KANSAS CITY, Mo. — Money is a hot-button issue in the debate over the proposed constitutional amendment to expand Medicaid in Missouri, which is Amendment 2 on the Aug. 4 ballot.
Medicaid expansion in Missouri would mean a massive jump in federal dollars rolling into the state.
The federal match for Medicaid would jump from 65 percent to 90 percent.
A vote yes on Amendment 2 would mean a more than $1 billion windfall per year for Missouri, according to the Healthcare for Missouri campaign. The state's Medicaid costs would also drop from 35 percent to 10 percent.
"It's funded by bringing tax dollars we've already paid, back to Missouri... It just makes sense," the group said.
But Medicaid expansion doesn't make sense to Missouri State Senator, Bob Onder, who is also a practicing physician.
"The average state that has expanded Medicaid under ObamaCare has seen about a 156 percent overrun in their original estimates and that's likely to be worse in Missouri with the state of the economy," Onder said.
Since the COVID-19 outbreak, Missouri's economy has suffered. More than 500,000 Missourians have filed for unemployment.
The Healthcare for Missouri Campaign supporting Medicaid expansion has been endorsed by more than 250 medical, business, labor and nonprofit organizations. Healthcare for Missouri campaign leader, Jack Cardetti, countered allegations of economic uncertainty by quoting from a 2019 Washington University study.

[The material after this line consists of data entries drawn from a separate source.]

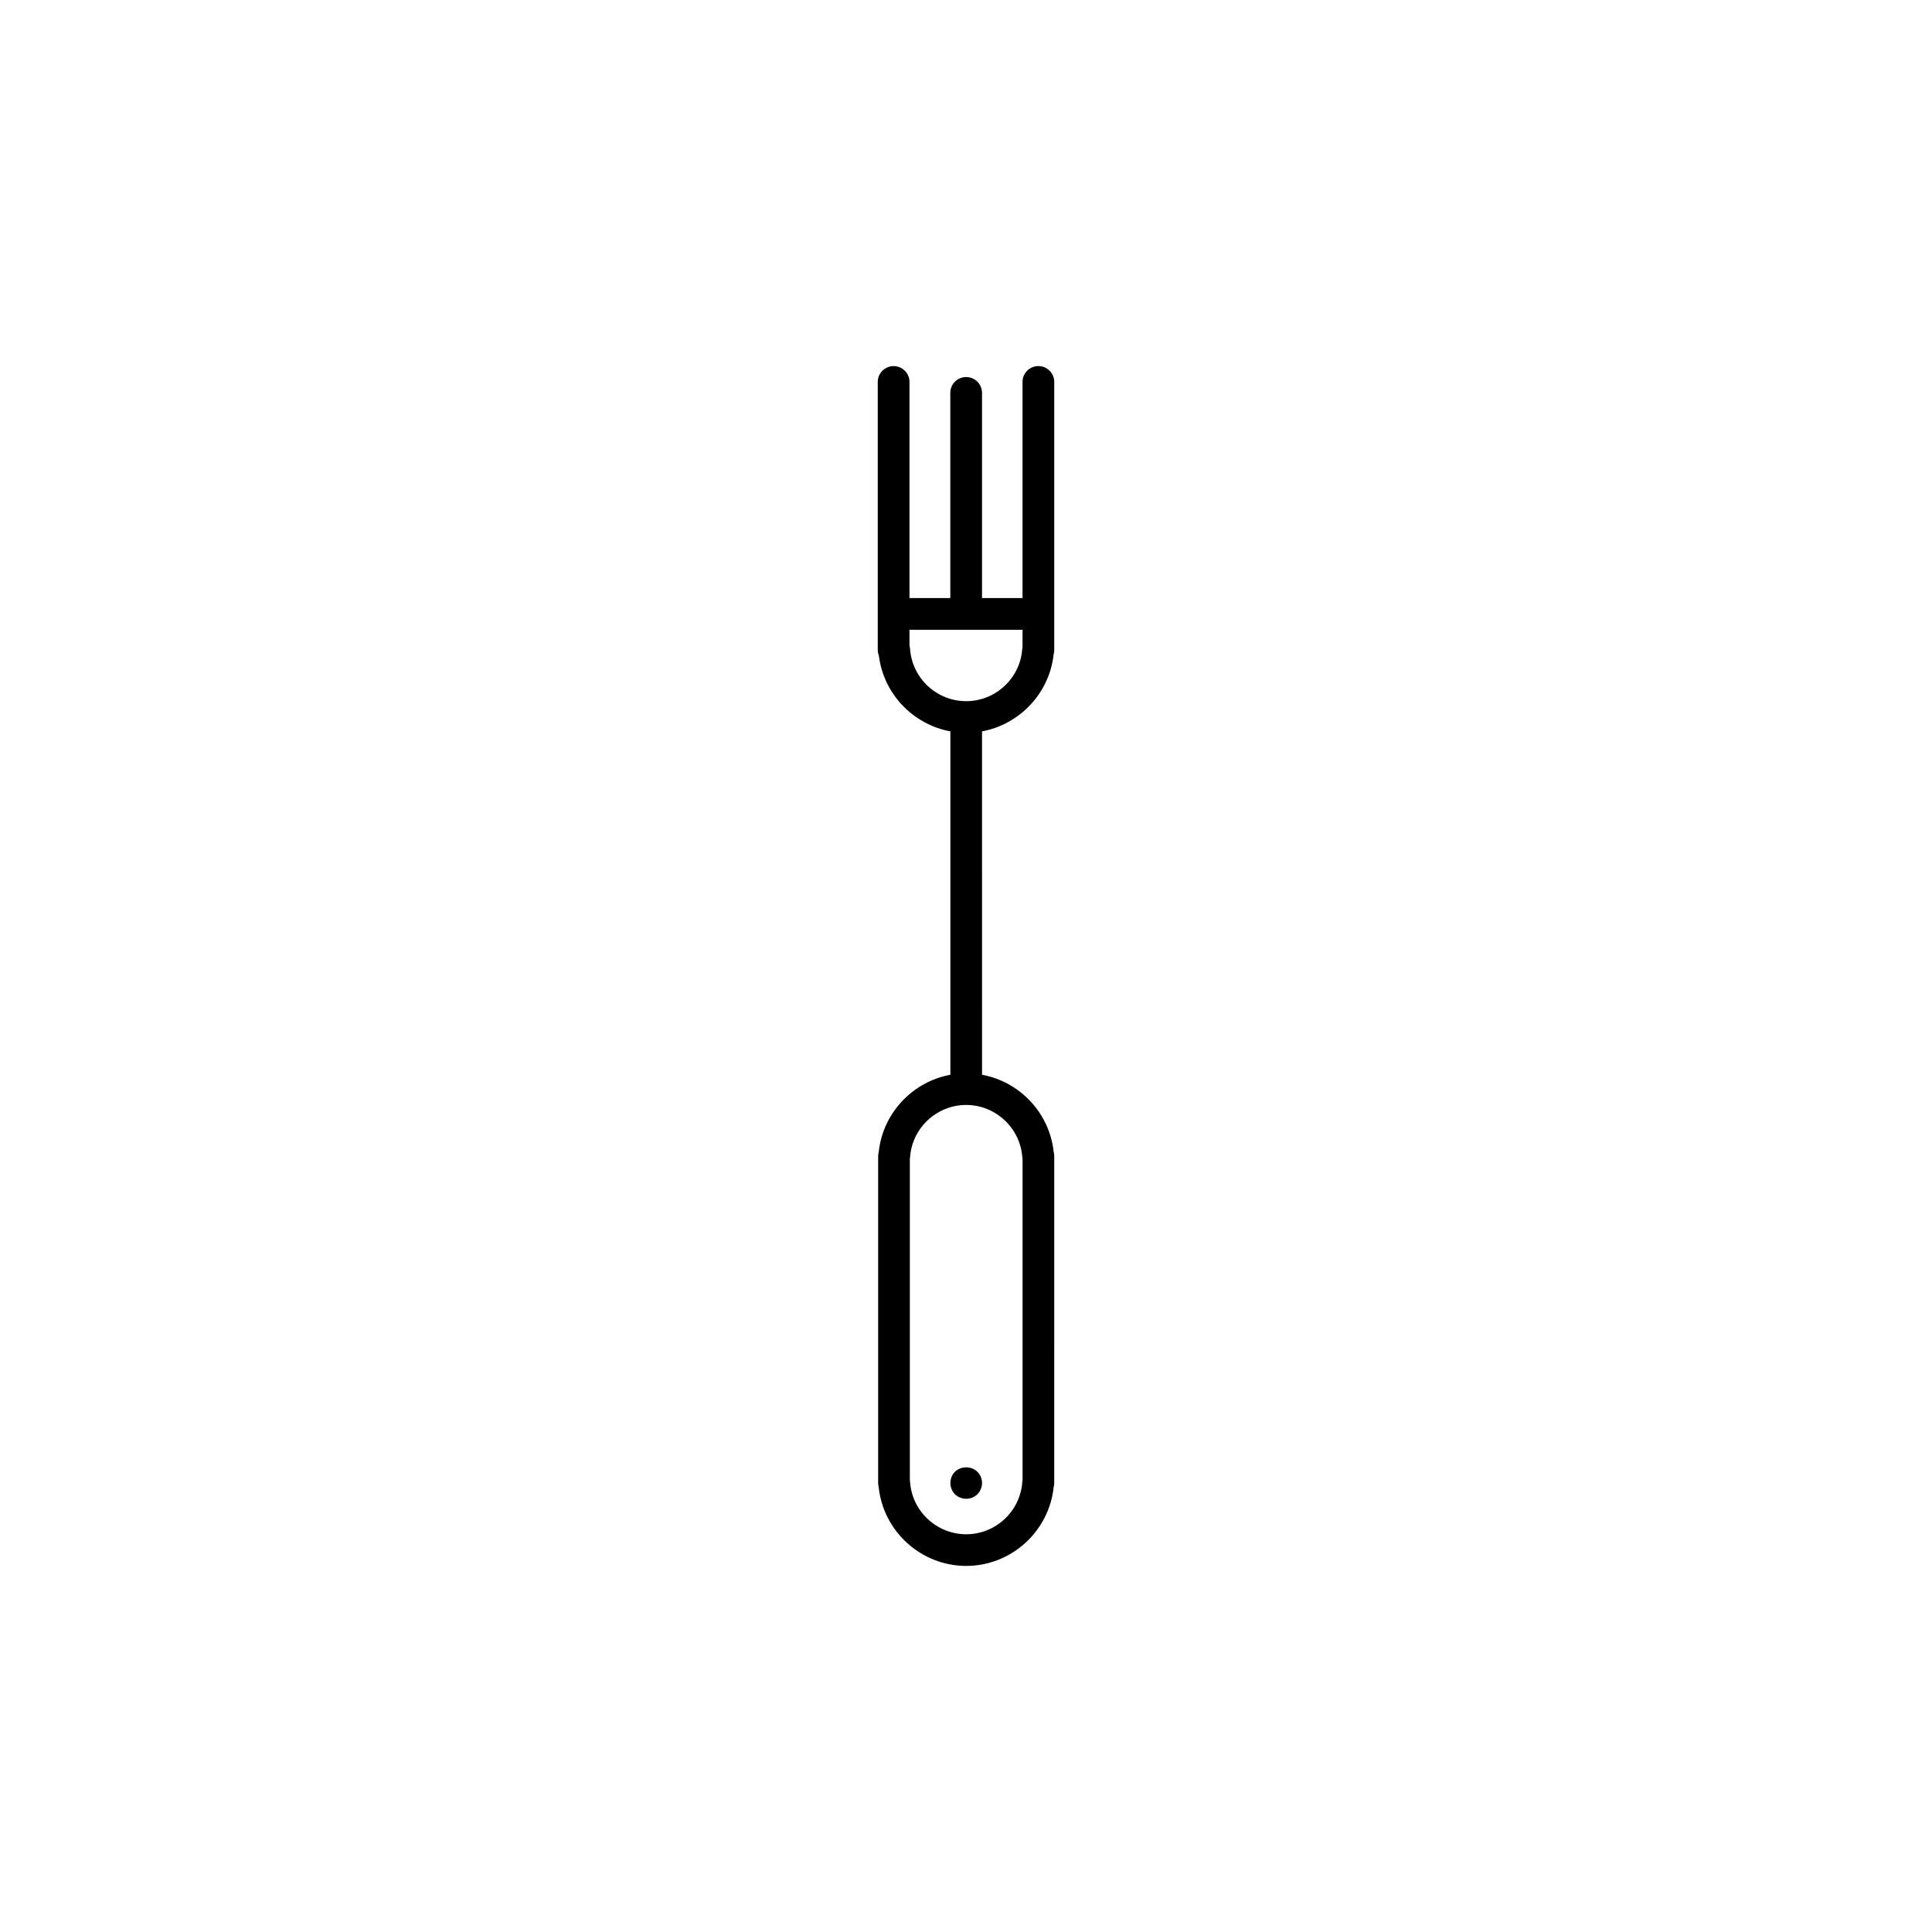 <?xml version="1.0" encoding="UTF-8"?>
<!-- Uploaded to: SVG Repo, www.svgrepo.com, Generator: SVG Repo Mixer Tools -->
<svg fill="#000000" width="800px" height="800px" version="1.1" viewBox="144 144 512 512" xmlns="http://www.w3.org/2000/svg">
 <g>
  <path d="m397.07 534.04c-0.777 0.762-1.211 1.84-1.211 2.973 0 1.113 0.434 2.176 1.211 2.984 0.777 0.754 1.867 1.199 2.992 1.199 1.094 0 2.176-0.441 2.953-1.199 0.77-0.805 1.238-1.867 1.238-2.984 0-1.113-0.469-2.207-1.238-2.973-1.586-1.57-4.371-1.57-5.945 0z"/>
  <path d="m419.18 241.01c-2.312 0-4.203 1.879-4.203 4.203v57.27h-10.73v-54.359c0-2.324-1.891-4.203-4.203-4.203-2.324 0-4.203 1.879-4.203 4.203v54.367h-10.82v-57.281c0-2.312-1.879-4.188-4.203-4.188-2.312 0-4.203 1.875-4.203 4.188v71.02c0 0.52 0.105 1.012 0.289 1.477 1.238 10.184 9.074 18.293 18.953 20.113v91.004c-9.984 1.832-17.891 10.117-18.984 20.469-0.105 0.336-0.156 0.734-0.156 1.113v86.594c0 0.371 0.059 0.734 0.145 1.098 1.238 11.777 11.266 20.887 23.195 20.887 11.906 0 21.938-9.109 23.172-20.867 0.105-0.348 0.156-0.734 0.156-1.129l0.004-86.586c0-0.371-0.059-0.734-0.145-1.094-1.094-10.363-8.977-18.645-18.992-20.484l-0.004-91.004c9.984-1.848 17.879-10.125 18.984-20.469 0.105-0.352 0.156-0.734 0.156-1.117v-71.016c-0.008-2.328-1.887-4.207-4.207-4.207zm-4.258 209.69c0.012 0.168 0.031 0.316 0.066 0.465v85.113c-0.035 0.145-0.055 0.301-0.066 0.457-0.535 7.785-7.07 13.863-14.867 13.863-7.793 0-14.348-6.082-14.879-13.863-0.012-0.156-0.031-0.312-0.059-0.449v-85.125c0.031-0.145 0.051-0.309 0.059-0.473 0.527-7.766 7.074-13.863 14.867-13.863 7.801 0 14.336 6.109 14.879 13.875zm0.055-135.21c-0.023 0.152-0.055 0.312-0.074 0.465-0.523 7.773-7.059 13.863-14.848 13.863h-0.023c-7.805-0.012-14.328-6.09-14.855-13.863-0.02-0.301-0.09-0.562-0.156-0.836v-4.223h29.957z"/>
 </g>
</svg>

"What it showed was by the year 2024 in Missouri, if we can expand Medicaid by approving Amendment 2, it'll save us $932 million. Those are savings, quite frankly, in this economy are needed now more than ever," Cardetti explained.
Sen. Onder said his opposition to the proposed constitutional amendment for Medicaid expansion in Missouri is based on current economic facts.
"Already Governor Parson has had to do withholds to cut items out of the state budget twice this year and it's going to get even worse if we do the irresponsible thing and expand a program that already accounts for one-third of our budget in Missouri," Onder explained.
Right now, single adults, do not qualify for Medicaid in Missouri; and a family of four must earn less than $5,550 a year to qualify, according to the Missouri Foundation for Health.
Medicaid expansion would mean single adults earning up to $18,000 a year would be eligible for Medicaid. Healthcare for Missouri leaders stated an estimated 230,0000 Missourians would be eligible to get healthcare under the expansion and it could create 16,000 jobs.
The Kaiser Family Foundation has a map showing 38 states, including Washington D.C., have adopted Medicaid expansion.
The Missouri Chamber of Commerce and several labor unions want Missouri to be number 39.
"Business and labor agree on very few things in Missouri. They both agree on Medicaid expansion," Cardetti said.
Missouri Gov. Mike Parson is asking voters to ask themselves a question before casting their ballot in the August 4 election.
"Can you afford it, or what do you want to give up because that $175 million, or $250 million or the $300 million, whatever it's going to be will have to come from other programs?" Parson asked.
If voters approve the proposed constitutional amendment to expand Medicaid, Parson said it's possible education funding would have to be cut along with funding for state roads and bridges to make sure that Medicaid expansion is fully funded.